TERDAFTAR DI BPOM, APAKAH SUDAH PASTI HALAL?
Tahukah
Anda? Produk yang terdaftar di BPOM
RI, ternyata belum tentu mempunyai sertifikat halal.
Masih
banyak masyarakat yang bingung dengan regulasi peredaran produk di Indonesia.
Salah satunya berkaitan dengan izin edar dan sertifikasi halal produk. Sebagian
masyarakat berasumsi bahwa sebuah produk yang telah mengantongi izin edar juga
sudah dapat dipastikan kehalalannya. Benarkah demikian?
Sebelum
diizinkan beredar di Indonesia, sebuah produk harus melalui serangkaian proses
pemeriksaan keamanan produk. Hal ini guna menentukan kelayakan produk untuk
dikonsumsi oleh masyarakat, utamanya terkait dengan ada atau tidaknya kandungan
berbahaya dalam sebuah produk.
Jika
telah dinyatakan lolos uji keamanan, sebuah produk akan mendapatkan persetujuan
izin edar dari lembaga terkait seperti Badan Pengawas Obat dan Makanan (BPOM)
Republik Indonesia (RI). Produk pun diwajibkan untuk mencantumkan bukti
persetujuan izin edar pada kemasan produknya berupa logo atau label tertentu,
sesuai dengan jenis produk.
Sementara
itu, terkait dengan sertifikasi halal, persetujuan izin edar menjadi salah satu
dokumen yang dipersyaratkan dalam proses sertifikasi halal. Lembaga Pengkajian
Pangan, Obat-obatan, dan Kosmetika Majelis Ulama Indonesia (LPPOM MUI), dalam
menjalankan fungsinya Lembaga Pemeriksa Halal (LPH), selalu menekankan prinsip
halalan thayyiban.
Artinya,
sebuah produk yang dinyatakan halal, juga harus dinyatakan aman dikonsumsi.

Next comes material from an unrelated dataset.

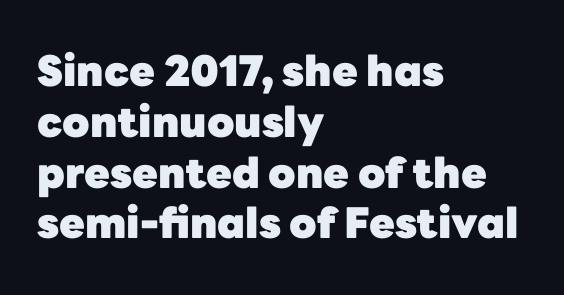
The image shows 42 px heavy sans-serif type, upright; set left-aligned, line spacing 1.21x, normal letter spacing, not underlined; low stroke contrast and a medium x-height.
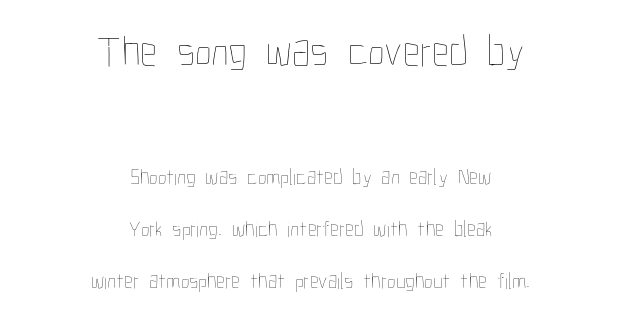
The image shows 43 px thin, condensed type, upright; set centered, loose line spacing (2.36x), normal letter spacing, not underlined; the first (top) block is 1.95x larger; low stroke contrast and a medium x-height.

Jika dinyatakan berbahaya, maka secara otomatis produk tersebut tidak bisa
mendapatkan sertifikat halal. Hal ini merupakan bentuk kontribusi LPH LPPOM MUI
dalam menjaga konsumen Indonesia untuk dapat terus mengonsumsi produk yang aman
lagi halal.
“Logo
halal MUI yang tercantum dalam kemasan produk merupakan bukti bahwa suatu
produk telah melalui serangkaian proses pemeriksaan halal yang menjadi landasan
dikeluarkannya fatwa bahwa produk tersebut halal dikonsumsi,” terang Direktur
Eksekutif LPPOM MUI, Ir. Muti Arintawati, M.Si.
Muti
menekankan bahwa izin edar dan sertifikasi halal dilakukan oleh dua lembaga
yang berbeda dengan dua proses pemeriksaan yang berbeda. Karena itu, dapat
dipastikan saat ini belum semua produk dengan persetujuan izin edar juga telah
mengantongi sertifikat halal.
“Adapun
sebaliknya, karena persetujuan izin edar menjadi salah satu prasyarat dokumen
yang harus dipenuhi dalam proses sertifikasi halal, maka produk yang sudah
disertifikasi halal juga dapat dikatakan aman dikonsumsi oleh masyarakat,”
jelas Muti.
Baik
izin edar maupun sertifikat halal, keduanya telah diatur dalam regulasi oleh
Pemerintah Indonesia. Salah satunya tercantum dalam Undang-Undang Nomor 18
Tahun 2012 tentang Pangan. Adapun regulasi terkait kewajiban produk halal
secara khusus dituangkan dalam Undang-Undangan Nomor 33 Tahun 2014 tentang
Jaminan Produk Halal.
Karena
telah memiliki kekuatan hukum, ketika ada oknum produsen atau penjual yang
melakukan penipuan atau pemalsuan produk terhadap konsumen dengan mencantumkan
persetujuan izin edar maupun logo halal pada kemasan produknya tanpa melalui
proses izin edar maupun sertifikasi halal, maka tindakan ini dapat dituntut
secara hukum.
Adapun
sanksi yang diterima pelanggar dapat berupa sanksi administratif seperti denda,
penghentian sementara dari kegiatan produksi dan/atau peredaran, penarikan
produk dari peredaran oleh produsen, ganti rugi, hingga pencabutan izin.